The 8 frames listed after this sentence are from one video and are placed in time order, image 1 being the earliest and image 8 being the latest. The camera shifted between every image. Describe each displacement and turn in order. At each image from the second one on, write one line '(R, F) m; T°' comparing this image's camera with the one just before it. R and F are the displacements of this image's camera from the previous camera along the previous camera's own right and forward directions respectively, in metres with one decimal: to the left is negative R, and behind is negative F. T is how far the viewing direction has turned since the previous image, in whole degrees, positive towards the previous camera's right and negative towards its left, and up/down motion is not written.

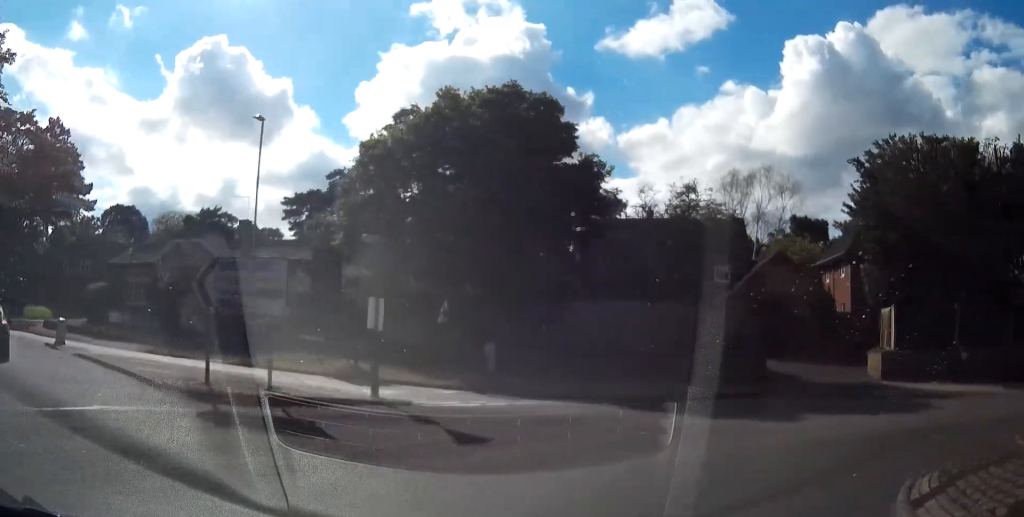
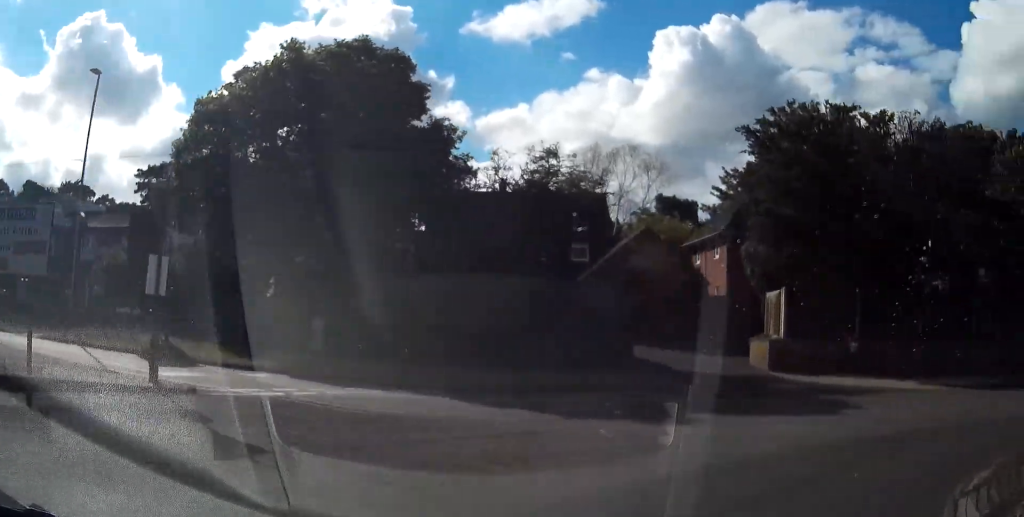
(+0.2, +3.4) m; +9°
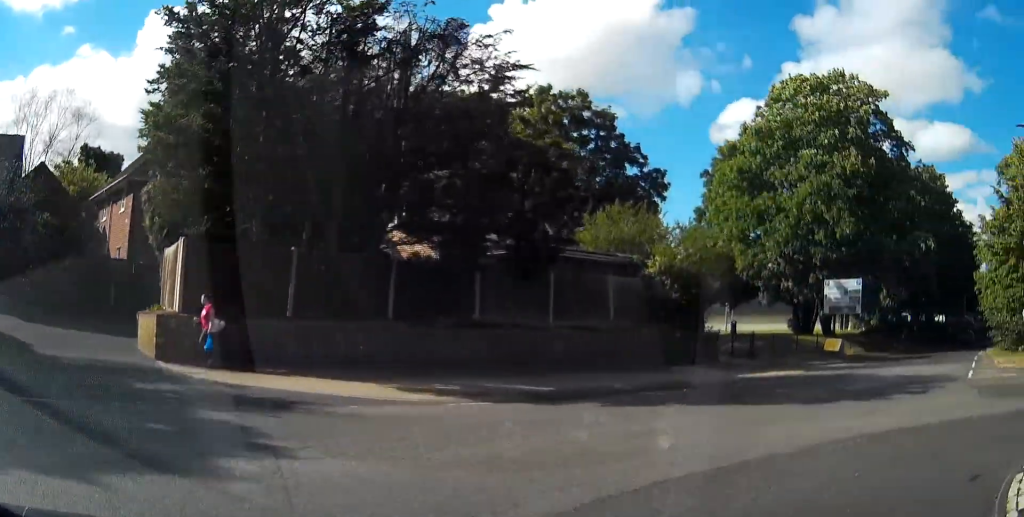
(+1.7, +8.2) m; +38°
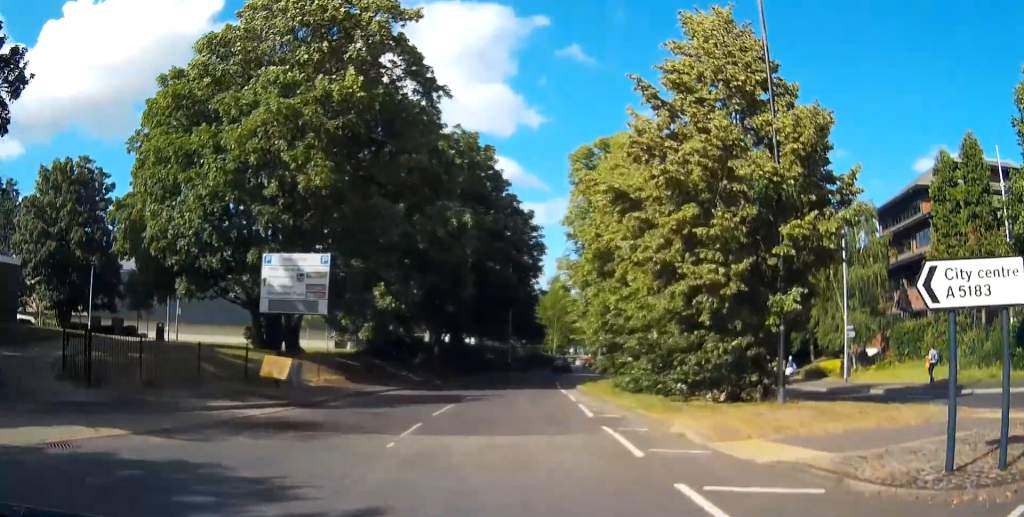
(+8.5, +14.2) m; +42°
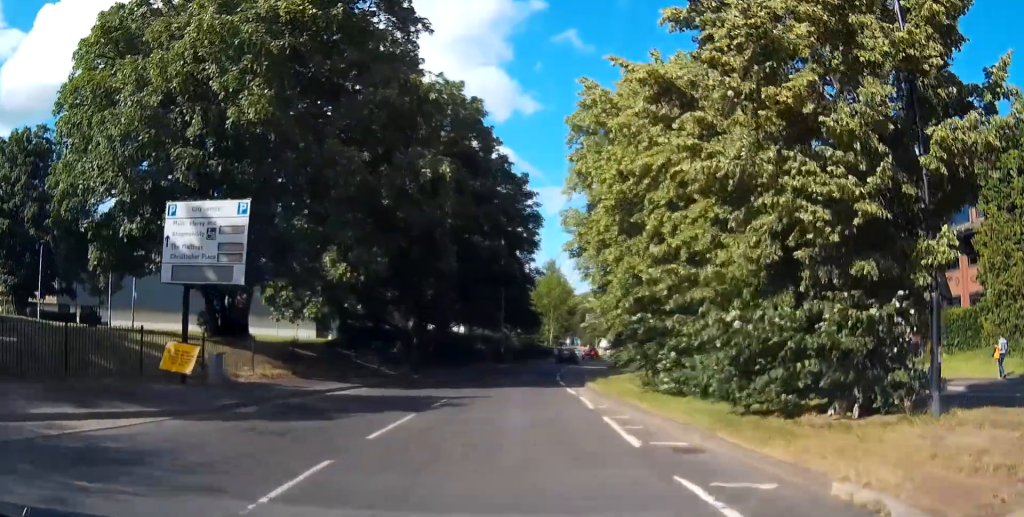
(+0.3, +7.1) m; +2°
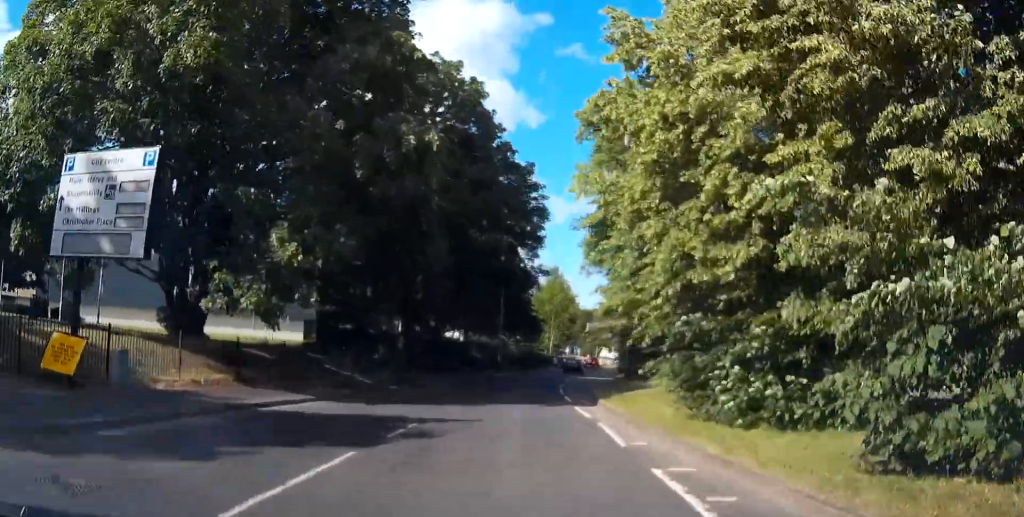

> _ACTIVITY_: Only the records, copied exactly and free of pictures, belong in the answer.

> _TASK SOLUTION_:
The 8 frames listed after this sentence are from one video and are placed in time order, image 1 being the earliest and image 8 being the latest. The camera shifted between every image. Describe each displacement and turn in order. At each image from the second one on, write one line '(R, F) m; T°' comparing this image's camera with the one just before it. R and F are the displacements of this image's camera from the previous camera along the previous camera's own right and forward directions respectively, in metres with one decimal: to the left is negative R, and behind is negative F. T is how far the viewing direction has turned since the previous image, in whole degrees, positive towards the previous camera's right and negative towards its left, and up/down motion is not written.

(+0.2, +3.4) m; +9°
(+1.7, +8.2) m; +38°
(+8.5, +14.2) m; +42°
(+0.3, +7.1) m; +2°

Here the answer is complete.